Workplaces can be risky environments and both employers and employees should take safety risks very seriously. Many safety risks are obvious, like operating machinery without the correct licence or working on a scorching hot summer’s day without sun protection and drinking water.

Did you hear about the worker who had his employment terminated because he weighed 160kg? Here’s why a worker’s obesity can not only be a risk to themselves, but also a risk to others on a work site and the employer.

The worker in question (let’s call him Barry) was employed as supervisor. Barry had up to 30 crew members working under his direction at any one time. His role was fairly physical and required the majority of time operating equipment, setting up gear, and moving around the crew area to supervise operations. He was also expected to act and assist his crew in an emergency situation.

After a few years working in this role, Barry took paid sick leave for an unrelated stress issue. Barry was also affected by other health issues relating to his weight. Barry provided his employer with medical certificates, however he was avoiding his employer’s lawful queries around his recovery progress, expected return to work date, and ability to perform the required duties of his role.
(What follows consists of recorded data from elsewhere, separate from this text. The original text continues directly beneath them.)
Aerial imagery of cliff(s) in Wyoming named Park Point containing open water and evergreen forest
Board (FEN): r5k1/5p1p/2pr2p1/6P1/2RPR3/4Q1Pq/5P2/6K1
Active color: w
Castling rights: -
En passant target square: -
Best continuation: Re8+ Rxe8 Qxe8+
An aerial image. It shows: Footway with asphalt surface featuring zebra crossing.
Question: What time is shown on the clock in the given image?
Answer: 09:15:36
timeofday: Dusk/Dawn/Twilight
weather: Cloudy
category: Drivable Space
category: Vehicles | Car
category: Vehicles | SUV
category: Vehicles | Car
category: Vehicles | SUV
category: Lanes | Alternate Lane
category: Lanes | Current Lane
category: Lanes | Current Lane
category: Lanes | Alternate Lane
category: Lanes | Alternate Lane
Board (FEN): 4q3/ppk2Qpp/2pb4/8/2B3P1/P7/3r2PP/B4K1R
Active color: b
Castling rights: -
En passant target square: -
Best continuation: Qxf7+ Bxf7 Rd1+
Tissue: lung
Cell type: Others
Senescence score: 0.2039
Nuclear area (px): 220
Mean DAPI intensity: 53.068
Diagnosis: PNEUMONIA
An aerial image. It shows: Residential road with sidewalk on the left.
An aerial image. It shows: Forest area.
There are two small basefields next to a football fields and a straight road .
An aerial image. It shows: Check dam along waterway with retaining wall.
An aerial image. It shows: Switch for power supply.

Poor Barry didn’t have the benefit of this article to know that was a bad move!

Barry’s employer decided to send Barry to their own independent medical doctor for an independent opinion on his condition. Many employers do not realise that directing an employee to attend a medical assessment can be a perfectly lawful and reasonable direction. An employer is entitled to do this so they can get a better understanding on a worker’s limitations and fitness for work. An employee who refuses to comply with such a reasonable direction could face disciplinary action.

The major concerns for Barry’s employer were his weight and his ability to operate safely in the work environment.

Over the next few months, the employer received reports from Barry’s treating doctors that he remained morbidly obese, and there were specific tasks in Barry’s role that he could not perform safely without significant and foreseeable risk of injury. Barry was limited in his ability to kneel, squat, climb or fit into certain vehicles. The doctors all agreed that significant weight loss would be necessary to reduce the risk of Barry slipping, tripping, or falling. The doctors also considered that in the event that Barry did slip, trip or fall, he would significantly impact the safety of his colleagues should they attempt to move him.

Barry’s employer continued to meet with him and discuss his return to work including the associated risks involved and to identify what measures (if any) he was taking to lose weight.

By this time two years had passed and the employer had spent over $40,000 on Barry’s doctor’s bills alone! The employer was also paying wages for Barry’s replacement while he was on leave. Overall a very expensive experience!

The employer decided to terminate Barry’s employment. The employer considered that Barry had been given plenty of chances to make an effort to return to the workplace.

Barry responded to this news by filing a compensation claim with WorkCover for a psychiatric injury arising out of his dismissal. Barry’s employer appealed WorkCover’s decision to accept Barry’s claim, arguing that its actions in terminating his employment were reasonable and undertaken in a reasonable way.

The court agreed with the employer that Barry’s termination was reasonable based on the facts and circumstances of the case. There was no connection between Barry’s psychiatric injury and the management action taken.

This case highlights how managing an employee’s absence can be both costly and time consuming for busy employers. Knowing what your rights and obligations are as an employer or employee can save you precious money and time.

Seeking legal advice from a solicitor who practises in employment law can help employers to understand how to take reasonable management action in a reasonable way, and help employees understand entitlements to sick leave and steps that should be taken to return to work. When it comes to WorkCover claims, “But I didn’t know” won’t wash as an excuse, and the last thing anyone wants is to deal with extra stress and expense when it could have been avoided.